- Born: June 6, 1940 Fort Frances, Ontario, Canada
- Died: March 8, 1968 (aged 27)
- Height: 6 ft 0 in (183 cm)
- Weight: 190 lb (86 kg; 13 st 8 lb)
- Position: Defenseman
- Played for: Michigan Tech Waterloo Black Hawks Rochester Mustangs
- Playing career: 1959–1966

= Elov Seger =

American ice hockey player

Elov Seger (June 6, 1940 – March 8, 1968) was a Canadian ice hockey defenseman who was an All-American and helped Michigan Tech win its first National Championship in 1962.

==Career==
Seger was a three-year player for the Huskies under head coach John MacInnes, helping the team reach the national championship game as a sophomore.
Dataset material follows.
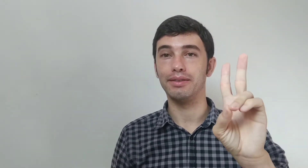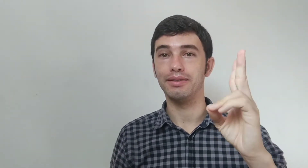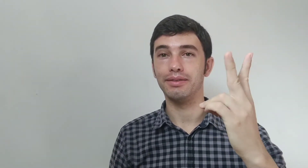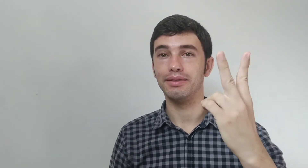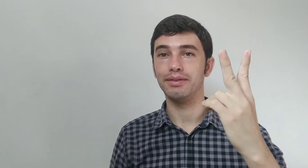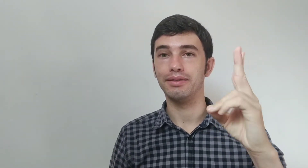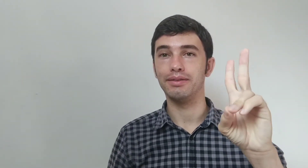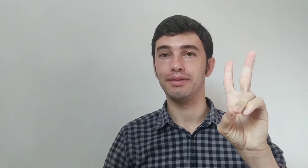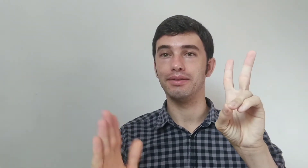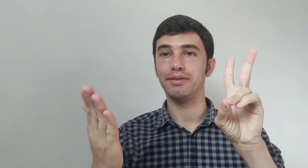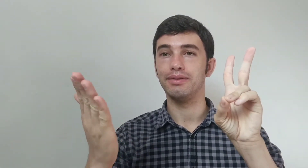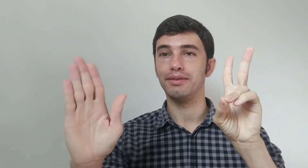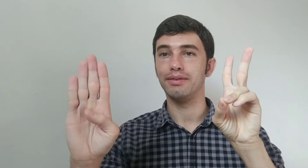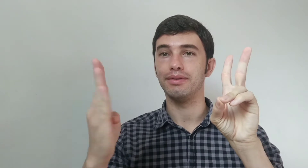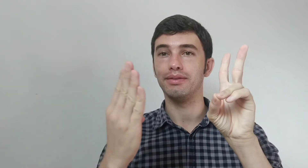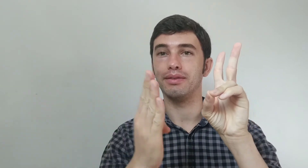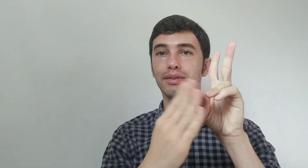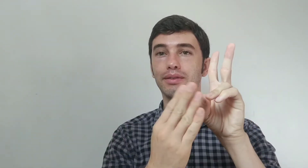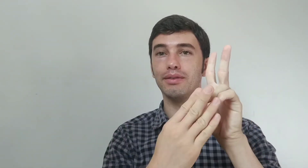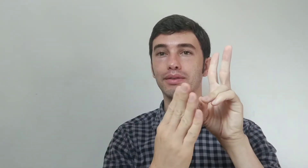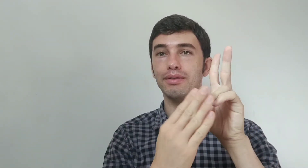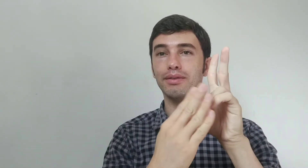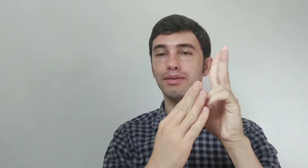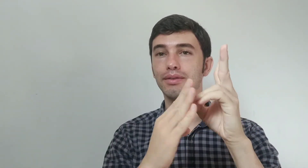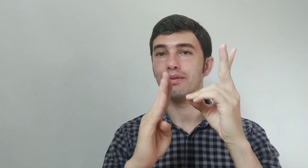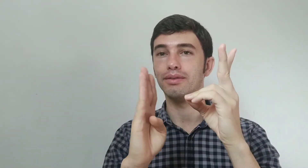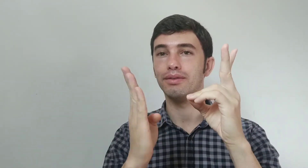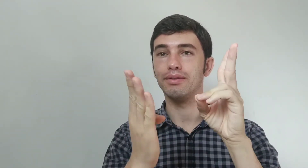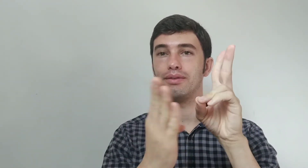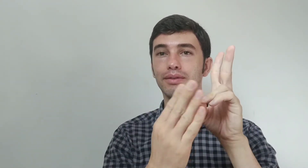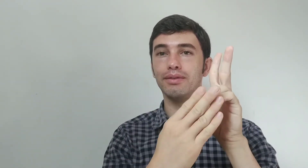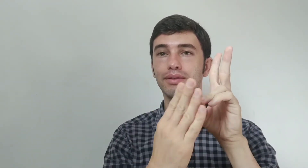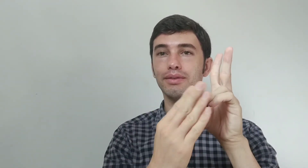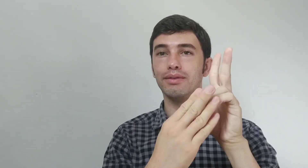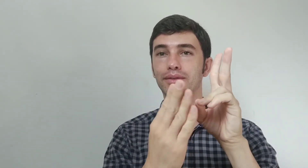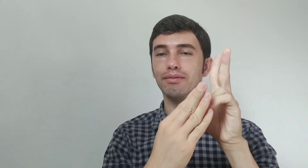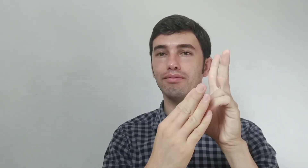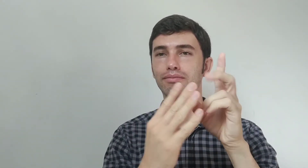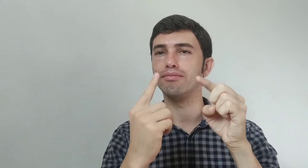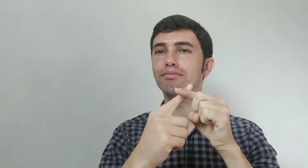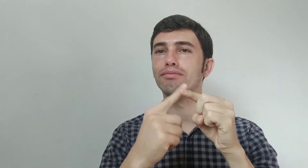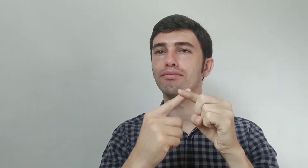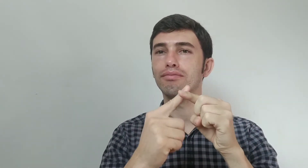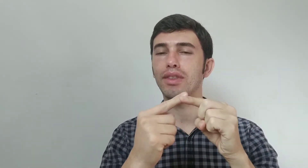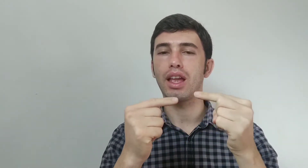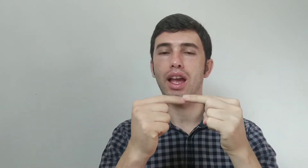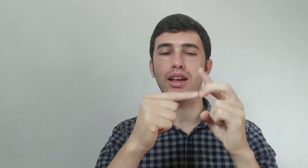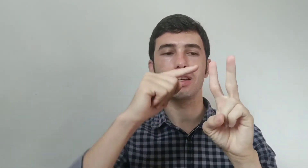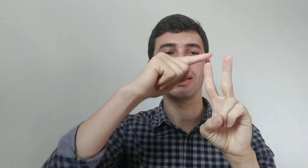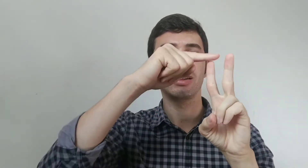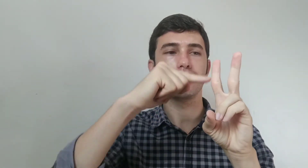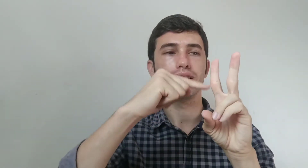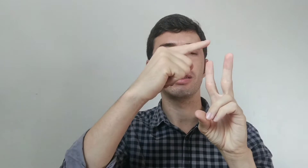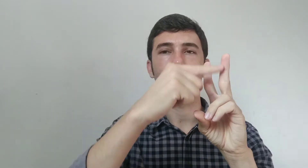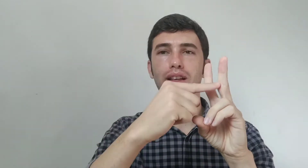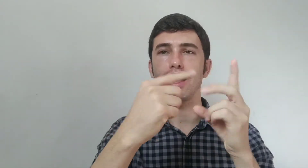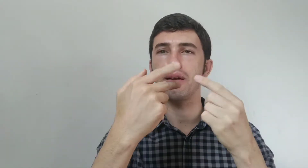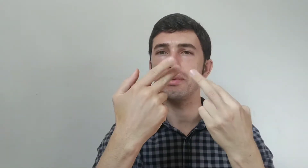você faz essa configuração de mão, e este movimento, indígena, por quê? Então esses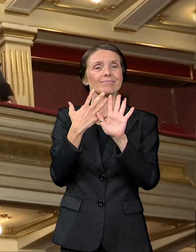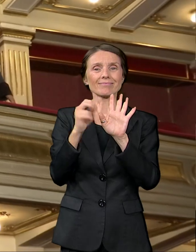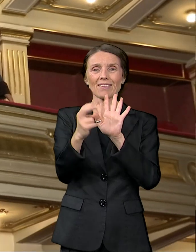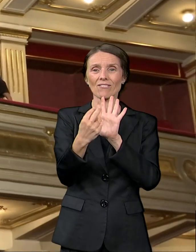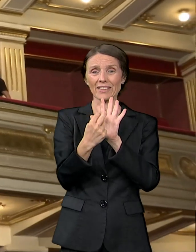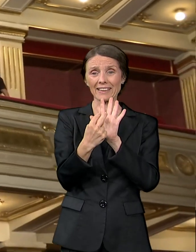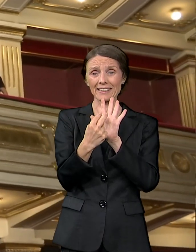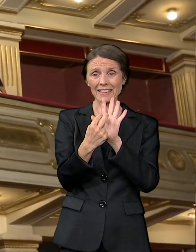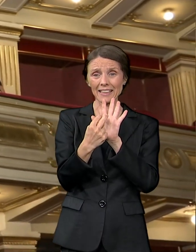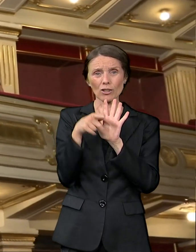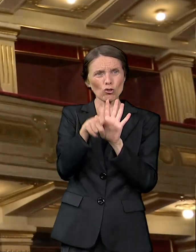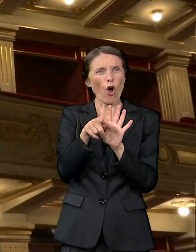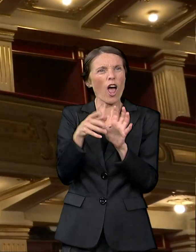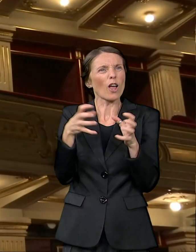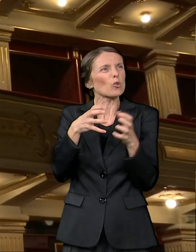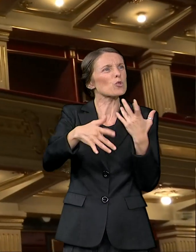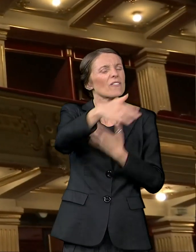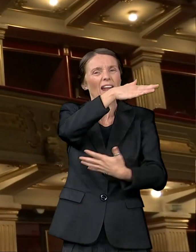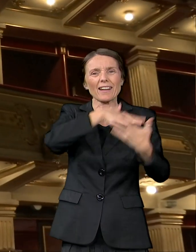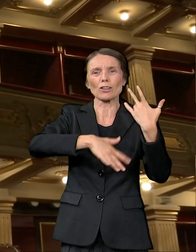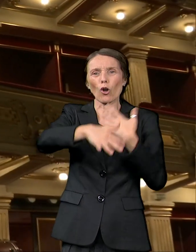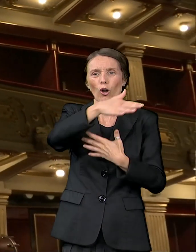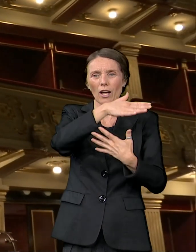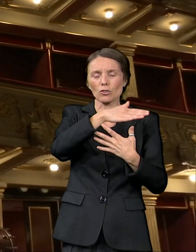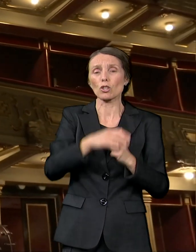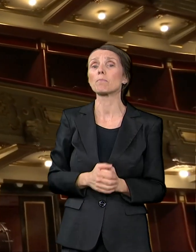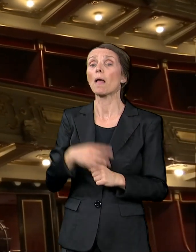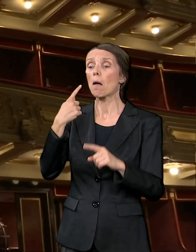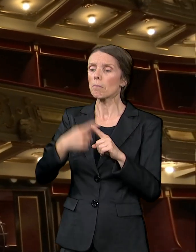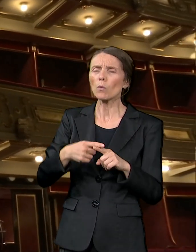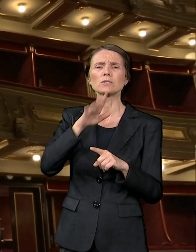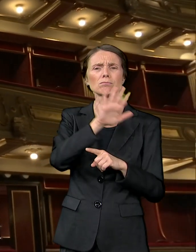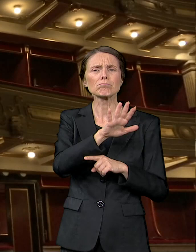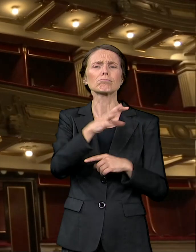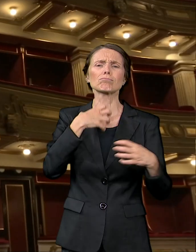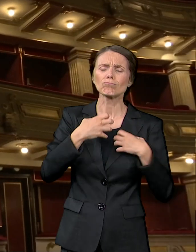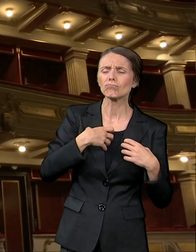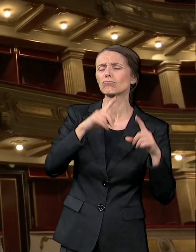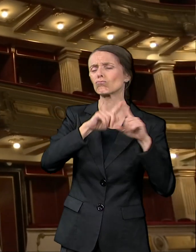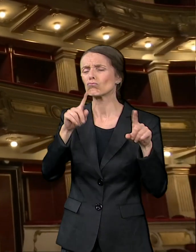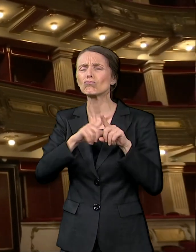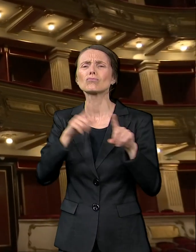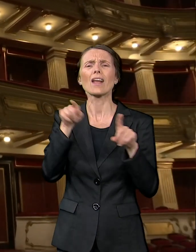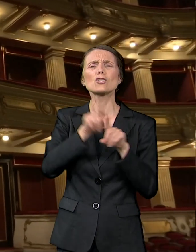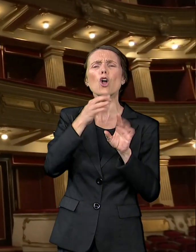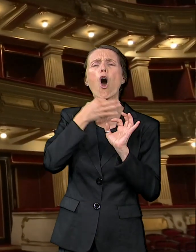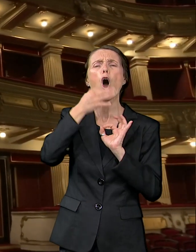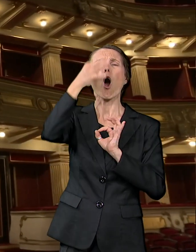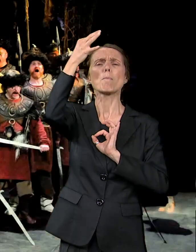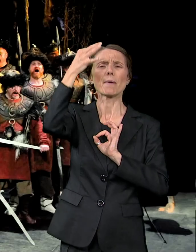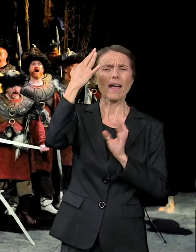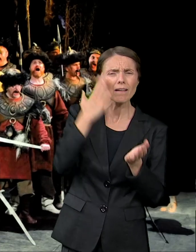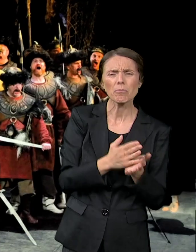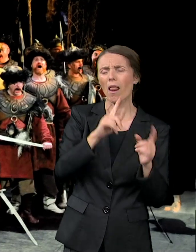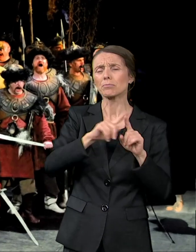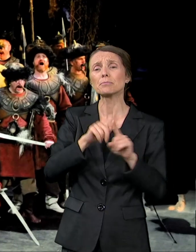teatar. Odjeknule su i premijere i sva kasnije izvođenja Aide, Nabuka, Trubadura. Kostime

After a down season, the Huskies roared to the top of their conference in 1962, winning 29 of their final 30 games, capturing both the conference and national championships. Seger was named to the All-WCHA Second Team and was selected as an All-American. The last goal he scored for the Huskies tied the game in the WCHA championship and began a 4-goal barrage in the third period.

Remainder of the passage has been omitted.